* **Directions**
Pictures are to be left out, and only the lines below starting at the one with "Answer: gray secure safe" and ending at the one with "human: [s2_rgb_10]" are to be reproduced, each exactly, both ends included.

* **Dataset entries**
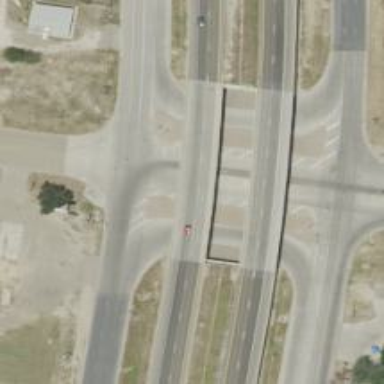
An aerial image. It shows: Secondary link road leading to turnaround junction.
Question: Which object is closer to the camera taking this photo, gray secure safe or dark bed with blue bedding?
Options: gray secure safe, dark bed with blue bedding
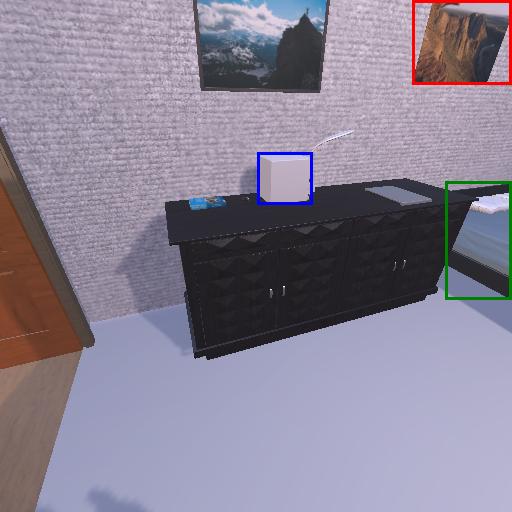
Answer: gray secure safe
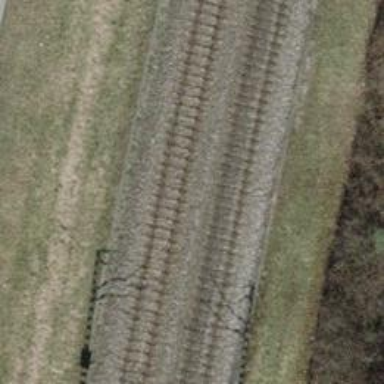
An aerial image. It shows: Railway milestone.
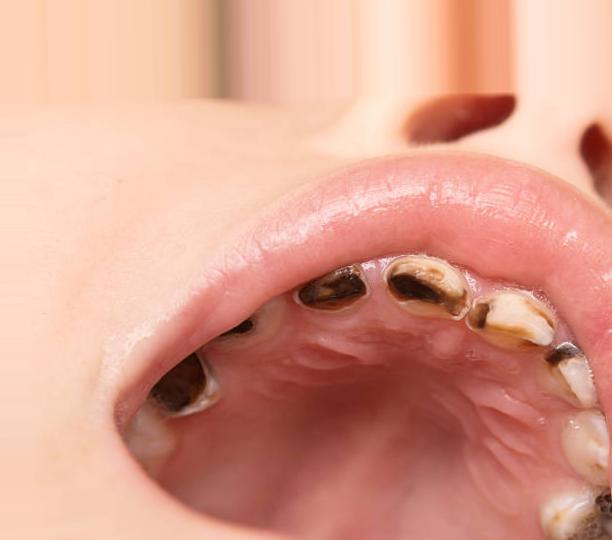
Condition: Caries
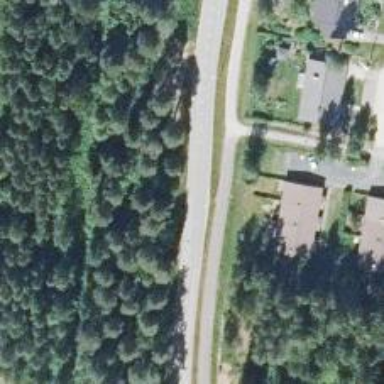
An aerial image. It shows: Cycleway.
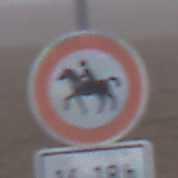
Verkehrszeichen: VerbotReiter
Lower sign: ZeitangabenOhneBeschraenkungAufWochentage1
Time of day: MorningAfternoon
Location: Outdoor (RoadRail)
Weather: Overcast
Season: NotSpecified
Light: Natural
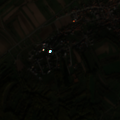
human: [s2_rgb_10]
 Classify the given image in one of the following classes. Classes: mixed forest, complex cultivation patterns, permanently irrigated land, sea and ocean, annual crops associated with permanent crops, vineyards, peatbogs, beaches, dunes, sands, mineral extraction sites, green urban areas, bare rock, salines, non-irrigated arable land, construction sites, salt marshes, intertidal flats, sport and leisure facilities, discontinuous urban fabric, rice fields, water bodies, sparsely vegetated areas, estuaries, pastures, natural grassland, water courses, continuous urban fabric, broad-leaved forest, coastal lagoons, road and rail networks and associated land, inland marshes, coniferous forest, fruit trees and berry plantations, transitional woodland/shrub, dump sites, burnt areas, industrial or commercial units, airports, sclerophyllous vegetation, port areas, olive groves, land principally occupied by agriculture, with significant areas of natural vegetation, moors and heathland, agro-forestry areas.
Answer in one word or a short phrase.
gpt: discontinuous urban fabric, non-irrigated arable land, complex cultivation patterns, broad-leaved forest
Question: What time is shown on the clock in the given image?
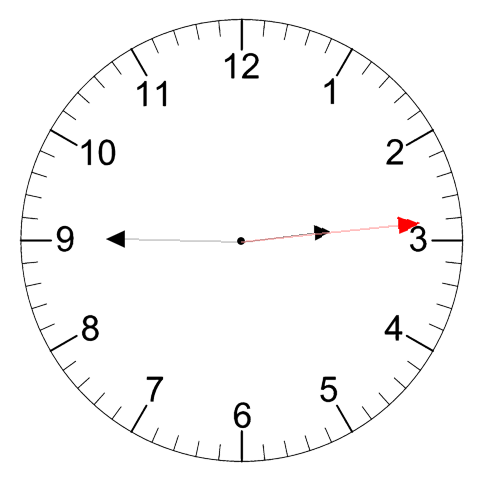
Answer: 02:45:14
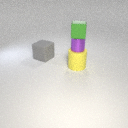
large yellow rubber cylinder in front of large gray rubber cube
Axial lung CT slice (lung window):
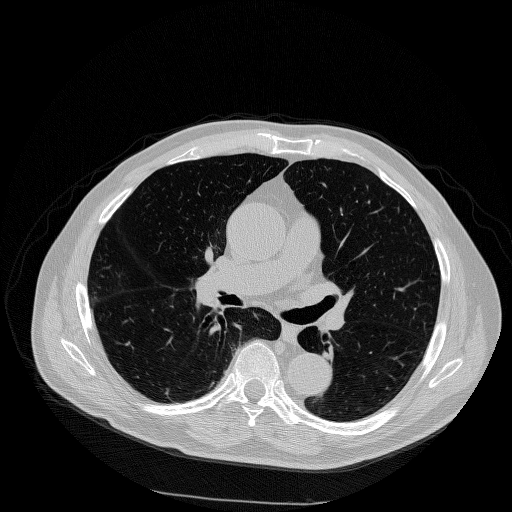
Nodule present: no
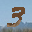
Label: 3
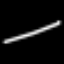
Label: line
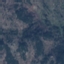
Land use / land cover: HerbaceousVegetation
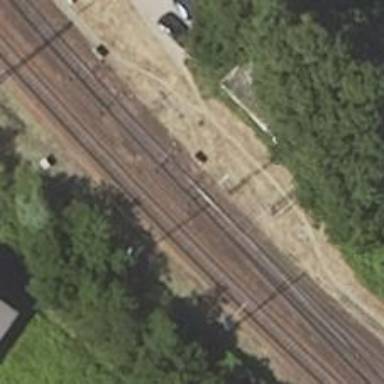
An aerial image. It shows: Railway switch.

* **Answer section**
Answer: gray secure safe
An aerial image. It shows: Railway milestone.
Condition: Caries
An aerial image. It shows: Cycleway.
Verkehrszeichen: VerbotReiter
Lower sign: ZeitangabenOhneBeschraenkungAufWochentage1
Time of day: MorningAfternoon
Location: Outdoor (RoadRail)
Weather: Overcast
Season: NotSpecified
Light: Natural
human: [s2_rgb_10]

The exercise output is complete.